Kevin Hillstrom: MineThatData

Exploring How Customers Interact With Advertising, Products, Brands, and Channels, using Multichannel Forensics.

July 19, 2009

Proven And Influenced Advertising Channels

There are two types of advertising channels in the Multichannel Forensics framework.
  1. Proven Channels
  2. Influenced Channels
The proven channel is what we enjoyed back in the 1980s and early 1990s. We mailed a catalog. Then the customer ordered from us, and was kind enough to provide us with a key code, allowing us to track with accuracy the proven channel that drove the order.

Oh, those were heady times.

These days, everybody is obsessed with fractionally allocating orders based on the advertising channels that they perceive to be driving orders. First touch? Last touch? Allocation across touches.

Of course, all of the allocation rules are bogus. We don't really know, do we? Especially if we don't do mail/holdout groups, and you really cannot do mail/holdout groups for paid search (though you can do some innovative spend/no-spend strategies).

So why the obsession with first touch, last touch, and fractional allocation? The end result is clouded with fiction, anyway.

There's another way to approach this challenge. Instead of investing all of our efforts on the art of allocation, why not categorize orders based on proven and influenced sources, then track how customers evolve over time --- allowing us to reduce catalog or e-mail marketing expense in the future?

Let's say that you have three advertising channels that resulted in an order:
  1. Catalog received on June 1.
  2. E-Mail received on June 3.
  3. Order on June 5, using Pay-Per-Click.
One could label pay-per-click as the "proven" source. One could also label catalog and e-mail marketing as "influenced" sources --- in theory, these advertising channels influenced the order.

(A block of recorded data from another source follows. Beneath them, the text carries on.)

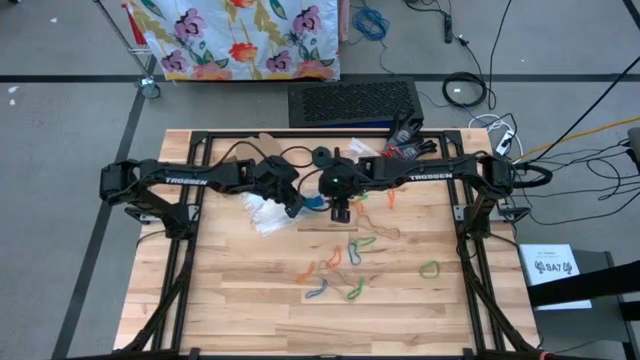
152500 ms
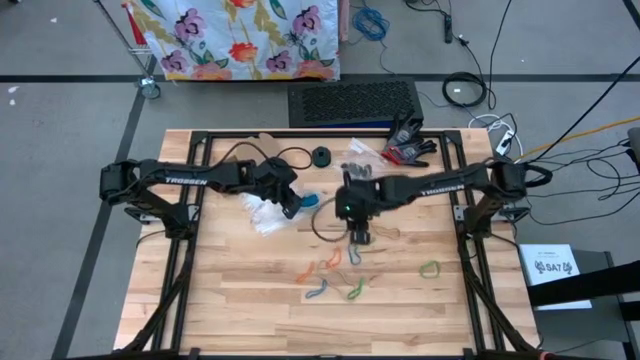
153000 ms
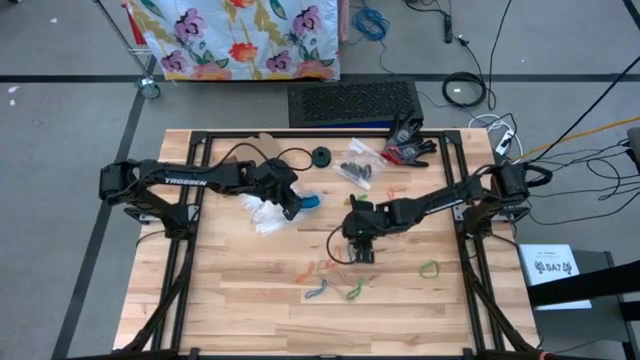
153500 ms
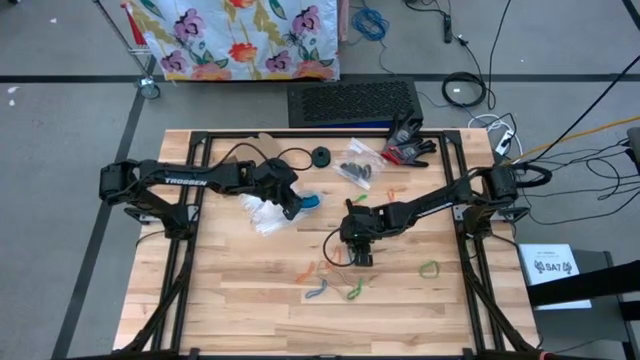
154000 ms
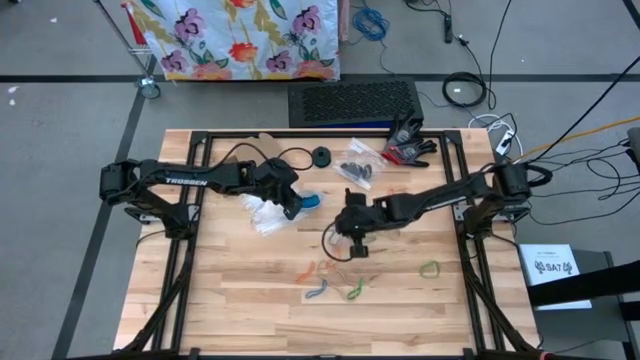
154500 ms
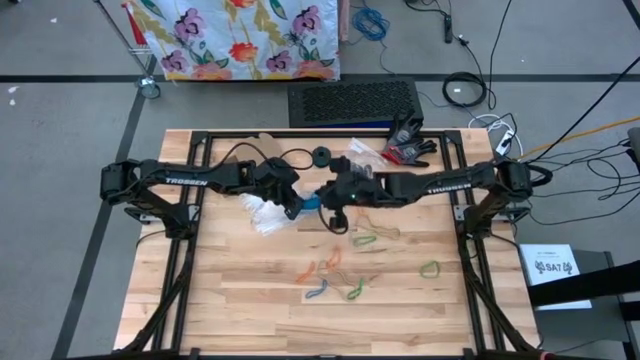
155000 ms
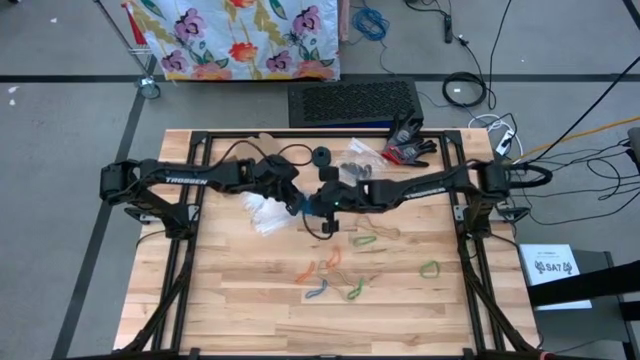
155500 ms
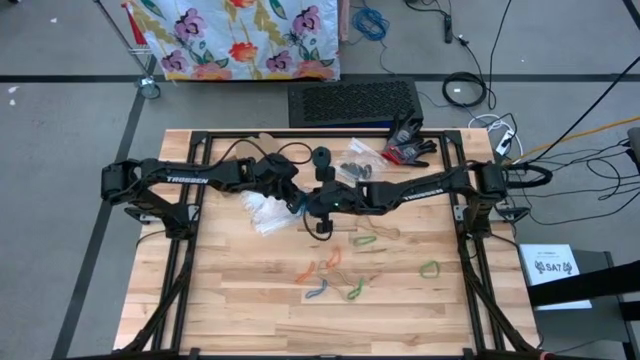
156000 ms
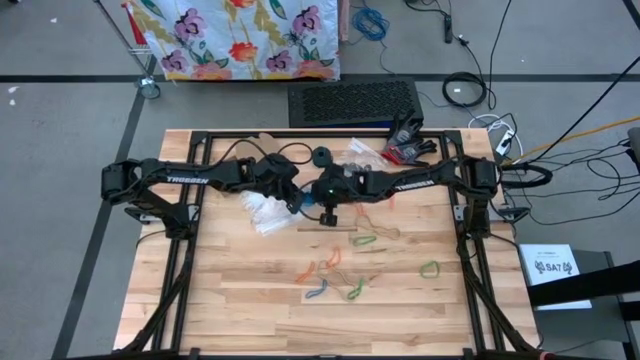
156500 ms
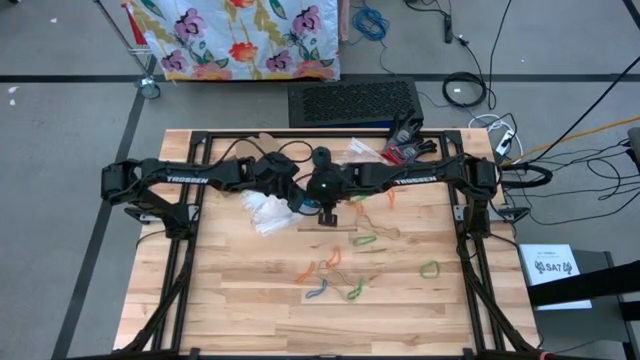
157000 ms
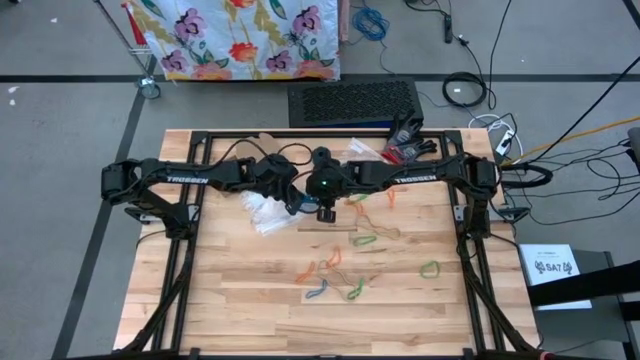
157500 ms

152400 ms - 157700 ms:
Put the blue rubber band into the transparent zip bag

Here's the marketing analytics secret for you --- shhhhhh, don't tell anybody!
  • When catalogs and/or e-mails move from "proven" to "influenced" advertising sources, you don't have to send as many of these to the customers using them as "influenced sources" in the future --- once customers move away from these advertising channels as their primary reason for purchasing, they become less likely to use them in the future.
Fractional allocation or first touch or last touch cannot provide you with this marketing analytics secret --- all of these forms of allocation just allow you to make guesses about what happened in the past. We need to know how to market to individual customers in the future.

This is where Multichannel Forensics, and micro-channels in particular, make a big difference.